Hoewel beide interactieplaatsen zijn vereist voor HCN kanaalfunctie, de interactie tussen de TPR-domeinen van TRIP8b en de C-terminale tripeptide van HCN1 dient als de dominante bindingsplaats en reguleert HCN oppervlakte-expressie. Daarom werd deze interactie gekozen als targeting site in deze studie.Voor de rest van het manuscript Wanneer verwezen wordt naar de interactie tussen TRIP8b en HCN, is deze interactie die wordt aangeduid. Deze interactie wordt herinnerd aan een sterk oplosbaar fragment van TRIP8b overeenkomstig zijn geconserveerde C eind bevattende de TPR-domeinen nodig zijn voor binding van het C-terminale staart van HCN (residuen 241-602 van de 1a-4 isovormen van TRIP8b) 3.

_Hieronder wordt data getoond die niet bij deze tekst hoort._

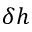
\delta h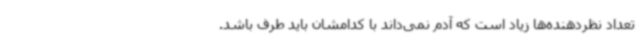
تعداد نظردهنده‌ها زیاد است که آدم نمی‌داند با کدامشان باید طرف باشد.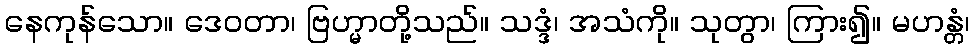
နေကုန်သော။ ဒေဝတာ၊ ဗြဟ္မာတို့သည်။ သဒ္ဒံ၊ အသံကို။ သုတွာ၊ ကြား၍။ မဟန္တံ၊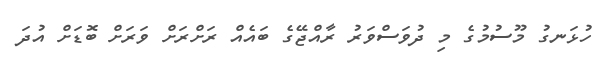
ހުޅަނގު މޫސުމުގެ މި ދުވަސްވަރު ރާއްޖޭގެ ބައެއް ރަށްރަށް ވަރަށް ބޮޑަށް އުދަ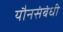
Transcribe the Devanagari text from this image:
यौनसंबंधी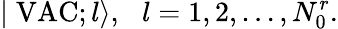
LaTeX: \mid\mathrm{VAC};l\rangle,\, \, \, \, l=1,2,...,N_{0}^{r}.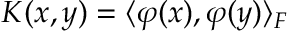
K ( x , y ) = \langle \varphi ( x ) , \varphi ( y ) \rangle _ { F }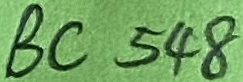
Text: BC548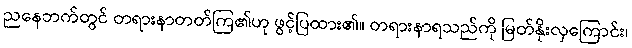
ညနေဘက်တွင် တရားနာတတ်ကြ၏ဟု ဖွင့်ပြထား၏။ တရားနာရသည်ကို မြတ်နိုးလှကြောင်း၊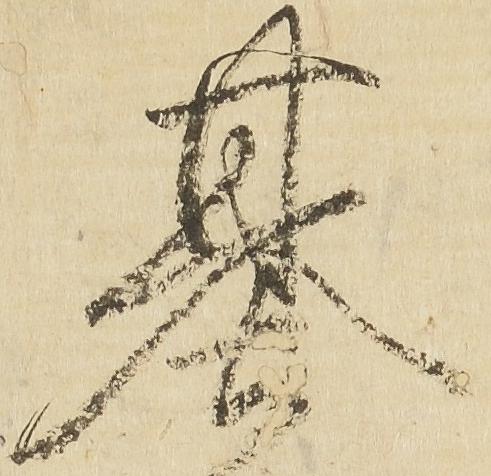
基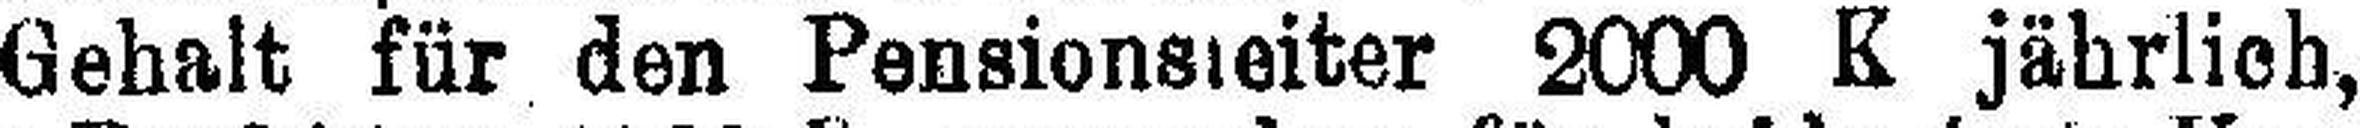
Gehalt für den Pensionsleiter 2000 K jährlich,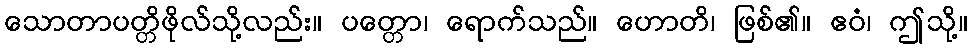
သောတာပတ္တိဖိုလ်သို့လည်း။ ပတ္တော၊ ရောက်သည်။ ဟောတိ၊ ဖြစ်၏။ ဧဝံ၊ ဤသို့။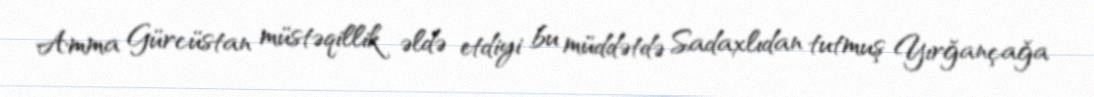
Amma Gürcüstan müstəqillik əldə etdiyi bu müddətdə Sadaxlıdan tutmuş Yırğançağa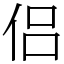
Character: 侣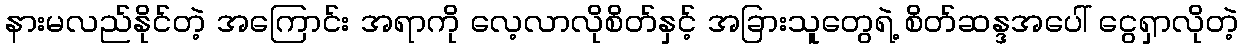
နားမလည်နိုင်တဲ့ အကြောင်း အရာကို လေ့လာလိုစိတ်နှင့် အခြားသူတွေရဲ့ စိတ်ဆန္ဒအပေါ် ငွေရှာလိုတဲ့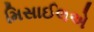
મિસાઈલએ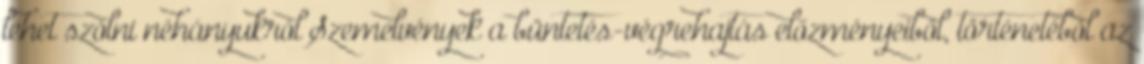
lehet szólni néhányukról Szemelvények a büntetés-végrehajtás előzményeiből, történetéből az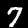
Label: 7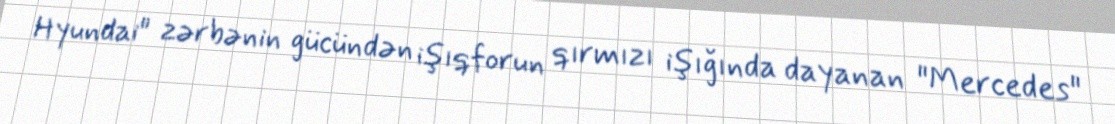
Hyundai" zərbənin gücündən işıqforun qırmızı işığında dayanan "Mercedes"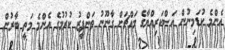
އެންމެ ކުޑަމިނުން އަސްކަރިއްޔާގެ މައްޗަށް ގާނޫނު ތަންފީޒު ކުރުމުގެ އެންމެ މަތީ ބާރުން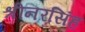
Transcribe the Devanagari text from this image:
श्रीनरसिंह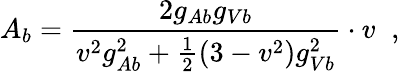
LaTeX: A_{b}=\frac{2g_{Ab}g_{Vb}}{v^{2}g_{Ab}^{2}+\frac{1}{2}(3-v^{2})g_{Vb}^{2}}\cdot v\; \; ,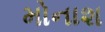
મોનાશ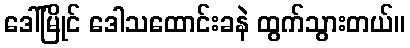
ဒေါ်မြိုင် ဒေါသထောင်းခနဲ ထွက်သွားတယ်။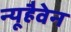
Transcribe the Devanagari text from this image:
न्यूहैवेन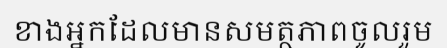
ខាងអ្នកដែលមានសមត្ថភាពចូលរួម
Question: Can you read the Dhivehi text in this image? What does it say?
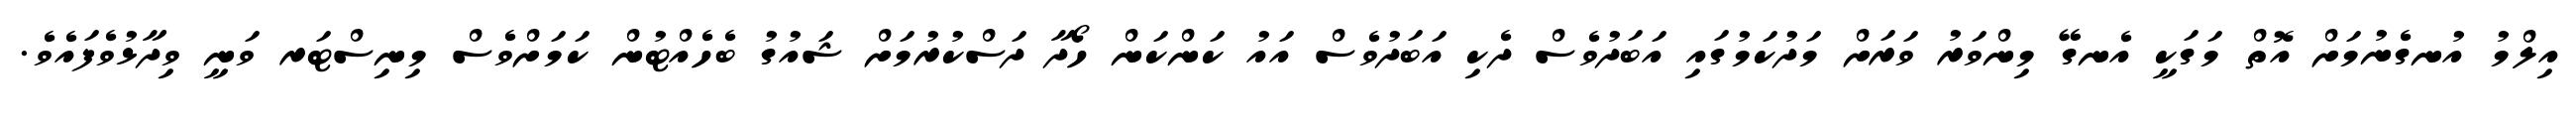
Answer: އިލްމު އުނގެނުމަށް އޮތް މަގަކީ އެނގޭ މިންވަރު ވަރަށް މަދުކަމުގައި އަބަދުވެސް ދެކި އަބަދުވެސް އައު ކަންކަން ހޯދާ ދަސްކުރުމަށް ޝައުގު ބެހެއްޓުން ކަމަށްވެސް މިނިސްޓަރ ވަނީ ވިދާޅުވެފައެވެ.
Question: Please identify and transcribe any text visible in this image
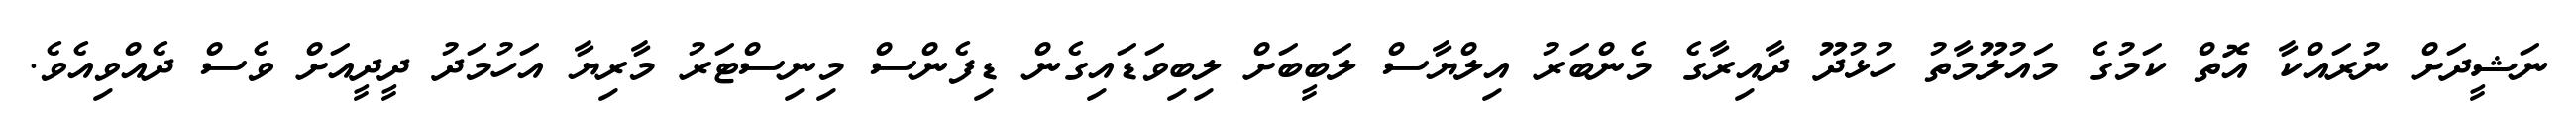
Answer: ނަޝީދަށް ނުރައްކާ އޮތް ކަމުގެ މައުލޫމާތު ހުޅުދޫ ދާއިރާގެ މެންބަރު އިލްޔާސް ލަބީބަށް ލިބިވަޑައިގެން ޑިފެންސް މިނިސްޓަރު މާރިޔާ އަހުމަދު ދީދީއަށް ވެސް ދެއްވިއެވެ.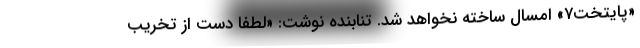
«پایتخت۷» امسال ساخته نخواهد شد. تنابنده نوشت: «لطفا دست از تخريب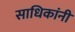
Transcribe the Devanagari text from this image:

Om een hoge doorvoer screen kleine moleculen die het ontwrichten van de interactie kaart te brengen, een fluorescentie polarisatie (FP) gebaseerde assay werd toegepast 17. Fluorescentiepolarisatie is gebaseerd op de excitatie van een fluorofoor-gelabeld ligand met gepolariseerd licht, en het meten van de mate van polarisatie van de uitgezonden fluorescentie 18. In aanwezigheid van een bindingspartner, wordt de rotatiebeweging van de fluorescerende ligand beperkt en gepolariseerd licht uitgezonden 19. Bij gebrek aan een bindingspartner, thij rotatiebeweging van de ligand leidt tot de emissie van gedepolariseerde licht.

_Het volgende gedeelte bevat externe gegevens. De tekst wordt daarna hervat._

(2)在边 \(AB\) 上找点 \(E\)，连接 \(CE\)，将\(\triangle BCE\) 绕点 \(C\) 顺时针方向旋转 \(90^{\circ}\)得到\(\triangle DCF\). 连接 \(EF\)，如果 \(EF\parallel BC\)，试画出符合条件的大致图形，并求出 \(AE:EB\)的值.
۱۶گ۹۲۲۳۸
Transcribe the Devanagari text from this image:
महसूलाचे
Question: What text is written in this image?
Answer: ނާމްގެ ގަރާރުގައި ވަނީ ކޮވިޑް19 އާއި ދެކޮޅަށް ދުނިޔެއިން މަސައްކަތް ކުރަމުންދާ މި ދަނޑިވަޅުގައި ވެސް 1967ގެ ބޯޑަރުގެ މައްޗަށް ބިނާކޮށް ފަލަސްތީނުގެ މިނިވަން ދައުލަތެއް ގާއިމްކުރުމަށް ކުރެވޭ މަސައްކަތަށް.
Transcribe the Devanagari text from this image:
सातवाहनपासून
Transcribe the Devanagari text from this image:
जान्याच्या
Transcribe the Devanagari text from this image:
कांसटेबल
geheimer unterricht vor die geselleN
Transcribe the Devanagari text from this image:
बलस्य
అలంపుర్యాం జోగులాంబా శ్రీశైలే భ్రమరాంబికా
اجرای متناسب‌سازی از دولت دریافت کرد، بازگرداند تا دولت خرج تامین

In de bijgevoegde protocol, wordt een werkwijze voor het zuiveren van N-terminale tag (6xHis) TRIP8b (241-602) middels nikkel-Nitrilotriazijnzuur (Ni-NTA) kralen gepresenteerd. Een soortgelijk protocol werd toegepast om de glutathion-S-transferase (GST) gemerkte C-terminale 40 aminozuren van HCN1 (HCN1 C40) toegepast in stap 7 van het protocol zuiveren. Voor ruimte overwegingen, een gedetailleerde beschrijving van deze procedure werd weggelaten.

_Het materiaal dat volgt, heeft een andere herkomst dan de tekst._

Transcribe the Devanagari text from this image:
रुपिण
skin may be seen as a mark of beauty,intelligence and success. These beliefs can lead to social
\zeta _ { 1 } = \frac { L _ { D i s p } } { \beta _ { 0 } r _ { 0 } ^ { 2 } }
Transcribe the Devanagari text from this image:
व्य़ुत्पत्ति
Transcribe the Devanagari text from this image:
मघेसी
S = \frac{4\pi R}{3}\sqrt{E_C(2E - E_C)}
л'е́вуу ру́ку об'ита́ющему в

In de stappen 2 tot en met 7 van het protocol, is een high throughput screening workflow gepresenteerd (zie figuur 1). Eiwit-eiwit interacties zijn een notoir moeilijk doelwit voor high throughput screening en de lezers worden geadviseerd om te zoeken naar extra middelen op het onderwerp 20.

Stap 2 en 3 van de procedure te karakteriseren de in vitro affiniteit van het gezuiverde TRIP8b (241-602) te construeren fora fluoresceïne isothiocyanaat (FITC) gemerkte elf aminozuur peptide dat overeenkomt met de C-terminale staart van HCN1 (HCN1 FITC). Gebaseerd op de kristalstructuur van de TRIP8b HCN-complex 15 Deze elf aminozuur segment voldoende is om binding met TRIP8b (241-602). In stap 2 wordt de Kd van de interactie gemeten door titratie TRIP8b (241-602) in een vaste concentratie van HCN1 FITC. In stap 3 wordt een ongemerkt versie van de HCN peptide in stap 2 getitreerd in een vaste concentratie van zowel TRIP8b (241-602) en FITC HCN1 te onderzoeken of de FITC tag interfereert met binding. Deze experimenten zijn essentieel voor het selecteren van de geschikte concentraties van TRIP8b (241-602) en HCN1 FITC gebruikt bij de hoge doorvoer screen.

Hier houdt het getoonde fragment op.